Asymmetric crypto as authentication
To use asymmetric cryptography for authentication in the context of an HTTP API, we need to define a different things.
- A message schema for a client to claim who they are
- A message signature algorithm for the client to sign their claim with
- A standard way to include the claim message and signature with each request
- A way for the server to store public keys associated with the user's who own them
- Some sort of request middleware on the server to verify authentication claims
Fortunately open-standards describing exactly what we need for points 1 and 2 already exist. A JSON Web Token (RFC7519) is a token comprised of a base64 encoded JSON document and an HMAC signature for verifying the messages contents. The algorithm used in the HMAC calculation isn't part of the standard — most often you'll see it being used with SHA — but in this case, since the creator and consumer of the token aren't the same system, we'll use RSA. As far as the data included in the JWT, we'll want to include at least three fields.
- Unique user identifier: this tells the server who the client is claiming to be.
- Issued timestamp: this tells the server when the token was created. The server should enforce that this be close to the current timestamp — the tolerance should be large enough to allow for some clock drift, but small enough to that we don't have to hold onto nonces forever.
- Nonce: this should be an arbitrary value used to prevent replay attacks using the token. once a request is authenticated, the server should store this value for at least as long as the timestamp drift tolerance. Any request made within that rolling period of time must have a unique nonce.
Point 3, how we'll transmit the claim, is fairly arbitrary. All that really matters is that the server knowns where to look for the clients claim. Since we're talking about HTTP APIs, lets use the HTTP Authorization header.

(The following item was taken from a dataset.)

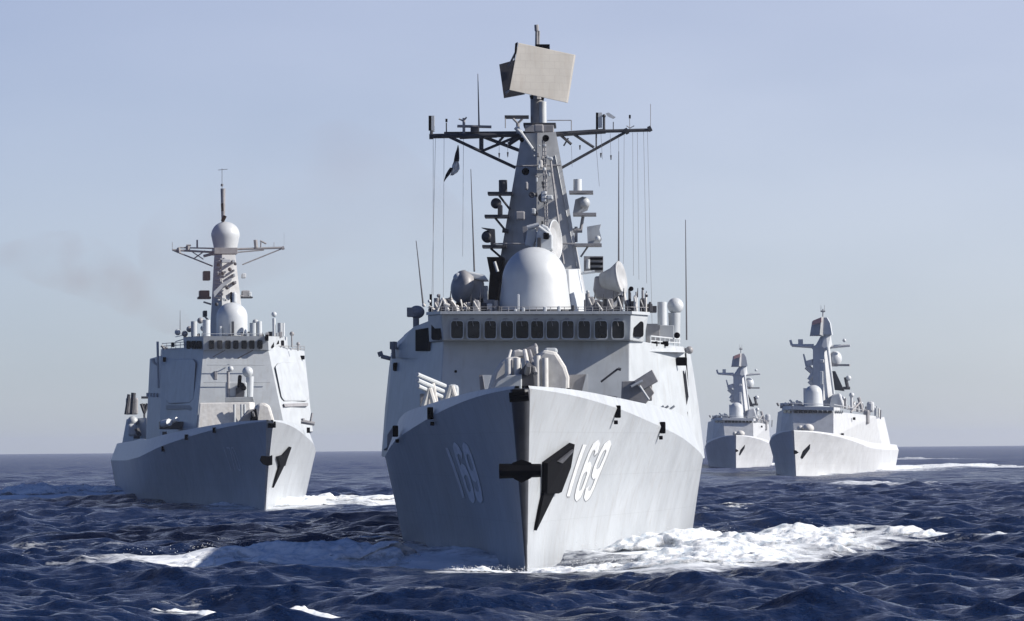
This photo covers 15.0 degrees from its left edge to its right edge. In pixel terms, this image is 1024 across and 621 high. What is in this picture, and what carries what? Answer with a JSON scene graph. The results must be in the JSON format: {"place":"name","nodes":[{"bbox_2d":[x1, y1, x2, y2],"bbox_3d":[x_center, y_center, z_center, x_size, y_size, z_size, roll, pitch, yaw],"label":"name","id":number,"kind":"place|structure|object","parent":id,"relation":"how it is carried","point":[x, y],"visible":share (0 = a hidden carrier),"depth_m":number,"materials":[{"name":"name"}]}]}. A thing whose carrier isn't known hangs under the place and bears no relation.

Finally, points 4 and 5 will very based on your web framework of choice. I've written a Python/Django implementation with using django.contrib.auth
and it's middleware system. Corresponding implementations could easily be ported to Node.js, Ruby, or any other language with an existing JWT library that supports RSA HMAC.

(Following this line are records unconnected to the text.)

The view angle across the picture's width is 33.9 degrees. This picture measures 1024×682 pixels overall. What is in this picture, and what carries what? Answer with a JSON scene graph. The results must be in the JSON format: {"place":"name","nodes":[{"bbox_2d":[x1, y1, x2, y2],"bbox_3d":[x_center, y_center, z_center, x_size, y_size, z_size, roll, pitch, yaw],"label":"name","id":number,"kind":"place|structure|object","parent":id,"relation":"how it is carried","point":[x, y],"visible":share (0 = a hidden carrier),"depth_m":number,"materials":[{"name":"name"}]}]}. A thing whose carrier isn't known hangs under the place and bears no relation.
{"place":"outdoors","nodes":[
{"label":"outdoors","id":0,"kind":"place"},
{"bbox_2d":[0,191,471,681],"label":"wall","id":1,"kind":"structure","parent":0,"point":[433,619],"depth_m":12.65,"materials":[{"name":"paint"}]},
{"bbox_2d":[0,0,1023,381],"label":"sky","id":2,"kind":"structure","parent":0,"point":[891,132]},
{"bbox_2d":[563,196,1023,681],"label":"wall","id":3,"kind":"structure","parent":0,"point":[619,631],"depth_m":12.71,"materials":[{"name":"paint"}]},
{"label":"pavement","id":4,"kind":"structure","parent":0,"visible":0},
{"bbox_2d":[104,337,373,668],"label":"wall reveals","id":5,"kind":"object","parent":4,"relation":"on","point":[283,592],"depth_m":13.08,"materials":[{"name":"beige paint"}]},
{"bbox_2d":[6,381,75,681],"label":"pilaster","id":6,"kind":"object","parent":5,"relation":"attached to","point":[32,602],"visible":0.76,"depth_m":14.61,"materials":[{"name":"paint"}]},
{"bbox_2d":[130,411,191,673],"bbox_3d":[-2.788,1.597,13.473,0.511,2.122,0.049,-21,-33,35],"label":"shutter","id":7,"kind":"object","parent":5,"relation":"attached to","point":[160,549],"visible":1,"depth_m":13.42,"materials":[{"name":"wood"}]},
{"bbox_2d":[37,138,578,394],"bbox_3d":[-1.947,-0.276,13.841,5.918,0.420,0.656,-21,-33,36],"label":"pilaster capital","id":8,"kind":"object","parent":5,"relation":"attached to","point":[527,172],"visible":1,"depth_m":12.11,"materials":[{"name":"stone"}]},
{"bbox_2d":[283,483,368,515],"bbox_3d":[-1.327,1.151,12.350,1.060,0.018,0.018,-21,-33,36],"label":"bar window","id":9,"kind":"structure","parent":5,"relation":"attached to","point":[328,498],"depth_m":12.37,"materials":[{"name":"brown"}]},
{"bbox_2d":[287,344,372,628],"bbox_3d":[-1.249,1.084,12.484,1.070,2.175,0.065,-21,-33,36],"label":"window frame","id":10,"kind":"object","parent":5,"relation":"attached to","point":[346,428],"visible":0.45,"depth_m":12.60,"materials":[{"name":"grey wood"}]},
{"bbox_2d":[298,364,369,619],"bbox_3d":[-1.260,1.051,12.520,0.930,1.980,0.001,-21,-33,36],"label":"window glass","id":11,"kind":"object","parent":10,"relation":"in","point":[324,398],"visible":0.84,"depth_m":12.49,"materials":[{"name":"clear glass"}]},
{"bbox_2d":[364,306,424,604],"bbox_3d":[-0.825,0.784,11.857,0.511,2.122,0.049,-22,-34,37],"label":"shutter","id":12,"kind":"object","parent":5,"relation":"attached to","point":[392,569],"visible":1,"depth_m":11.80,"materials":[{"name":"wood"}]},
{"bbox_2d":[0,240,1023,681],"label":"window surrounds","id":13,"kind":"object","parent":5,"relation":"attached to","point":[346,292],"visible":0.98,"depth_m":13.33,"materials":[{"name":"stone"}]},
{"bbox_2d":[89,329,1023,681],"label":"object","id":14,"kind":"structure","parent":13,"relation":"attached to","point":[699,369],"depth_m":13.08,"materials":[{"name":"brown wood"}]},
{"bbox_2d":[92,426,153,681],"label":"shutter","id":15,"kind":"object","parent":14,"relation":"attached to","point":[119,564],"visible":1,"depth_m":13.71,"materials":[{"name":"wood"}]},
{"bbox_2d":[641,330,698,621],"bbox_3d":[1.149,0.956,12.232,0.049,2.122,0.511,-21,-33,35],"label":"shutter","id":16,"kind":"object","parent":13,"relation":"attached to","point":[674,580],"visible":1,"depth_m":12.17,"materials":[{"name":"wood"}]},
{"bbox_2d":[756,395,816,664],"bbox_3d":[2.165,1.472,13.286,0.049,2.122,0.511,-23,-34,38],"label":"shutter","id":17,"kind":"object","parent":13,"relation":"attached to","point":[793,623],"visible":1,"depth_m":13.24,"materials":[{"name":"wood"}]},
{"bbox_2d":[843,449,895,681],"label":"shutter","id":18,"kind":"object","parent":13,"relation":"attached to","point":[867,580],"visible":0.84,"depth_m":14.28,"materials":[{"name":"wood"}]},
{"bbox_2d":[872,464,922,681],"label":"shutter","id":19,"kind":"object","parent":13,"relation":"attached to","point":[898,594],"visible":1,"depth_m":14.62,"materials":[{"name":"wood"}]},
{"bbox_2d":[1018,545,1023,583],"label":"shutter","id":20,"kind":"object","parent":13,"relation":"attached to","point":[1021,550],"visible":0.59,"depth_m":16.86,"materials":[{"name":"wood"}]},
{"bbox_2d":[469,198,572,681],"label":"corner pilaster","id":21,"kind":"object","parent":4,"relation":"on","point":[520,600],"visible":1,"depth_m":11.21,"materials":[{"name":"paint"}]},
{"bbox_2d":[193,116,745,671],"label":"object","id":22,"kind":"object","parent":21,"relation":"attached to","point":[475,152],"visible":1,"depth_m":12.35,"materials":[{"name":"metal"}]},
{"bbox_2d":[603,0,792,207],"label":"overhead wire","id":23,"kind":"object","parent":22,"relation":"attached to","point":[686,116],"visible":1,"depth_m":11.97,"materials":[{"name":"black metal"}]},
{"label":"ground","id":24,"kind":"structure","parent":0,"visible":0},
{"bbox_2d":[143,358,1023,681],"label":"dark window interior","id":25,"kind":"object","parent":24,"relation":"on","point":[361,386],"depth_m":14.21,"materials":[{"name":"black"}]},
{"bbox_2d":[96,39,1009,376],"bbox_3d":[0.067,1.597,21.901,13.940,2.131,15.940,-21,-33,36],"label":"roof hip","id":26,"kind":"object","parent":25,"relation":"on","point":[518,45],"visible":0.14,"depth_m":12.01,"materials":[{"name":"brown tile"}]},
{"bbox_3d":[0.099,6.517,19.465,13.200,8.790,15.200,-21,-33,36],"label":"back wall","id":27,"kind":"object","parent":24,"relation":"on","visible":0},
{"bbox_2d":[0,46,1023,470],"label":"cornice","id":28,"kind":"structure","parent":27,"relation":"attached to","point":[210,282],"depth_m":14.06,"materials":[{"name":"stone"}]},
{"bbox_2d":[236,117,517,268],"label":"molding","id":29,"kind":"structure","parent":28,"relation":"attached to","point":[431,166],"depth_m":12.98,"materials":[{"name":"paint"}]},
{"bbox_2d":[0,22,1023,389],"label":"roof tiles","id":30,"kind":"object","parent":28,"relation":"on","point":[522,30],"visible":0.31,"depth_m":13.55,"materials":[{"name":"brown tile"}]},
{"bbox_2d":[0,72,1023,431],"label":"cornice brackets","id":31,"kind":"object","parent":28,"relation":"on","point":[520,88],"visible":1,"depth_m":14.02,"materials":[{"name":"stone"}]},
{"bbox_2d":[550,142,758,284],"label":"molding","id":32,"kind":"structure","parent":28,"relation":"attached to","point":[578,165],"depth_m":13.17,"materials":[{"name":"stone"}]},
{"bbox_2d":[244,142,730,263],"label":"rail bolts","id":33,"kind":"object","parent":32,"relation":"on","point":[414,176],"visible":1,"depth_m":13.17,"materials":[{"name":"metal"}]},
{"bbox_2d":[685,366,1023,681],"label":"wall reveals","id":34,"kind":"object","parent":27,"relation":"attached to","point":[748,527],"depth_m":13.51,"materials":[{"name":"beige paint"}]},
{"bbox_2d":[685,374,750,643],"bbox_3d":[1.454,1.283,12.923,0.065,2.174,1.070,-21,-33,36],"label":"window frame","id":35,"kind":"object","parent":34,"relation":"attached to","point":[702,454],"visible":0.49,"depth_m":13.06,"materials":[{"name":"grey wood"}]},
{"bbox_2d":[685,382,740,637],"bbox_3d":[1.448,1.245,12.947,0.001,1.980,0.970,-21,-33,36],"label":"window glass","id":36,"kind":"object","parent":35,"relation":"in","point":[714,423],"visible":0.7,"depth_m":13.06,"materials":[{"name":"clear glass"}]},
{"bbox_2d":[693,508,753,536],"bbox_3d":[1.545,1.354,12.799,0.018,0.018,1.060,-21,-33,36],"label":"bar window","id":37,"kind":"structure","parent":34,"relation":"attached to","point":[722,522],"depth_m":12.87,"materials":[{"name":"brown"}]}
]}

The proposed solution obviously isn't a great fit for web services primarily consumed by browsers. Browsers simply aren't setup to generate and send signed JWTs. An implementation could most likely be achieved in Javascript, but generating and storing private keys securely is still an issue. However if you're building an application around the idea of microservices, where server applications need to make authenticated requests to other server applications, or if your API is consumed by native desktop applications, asymmetric key JWT authentication could be a great design choice.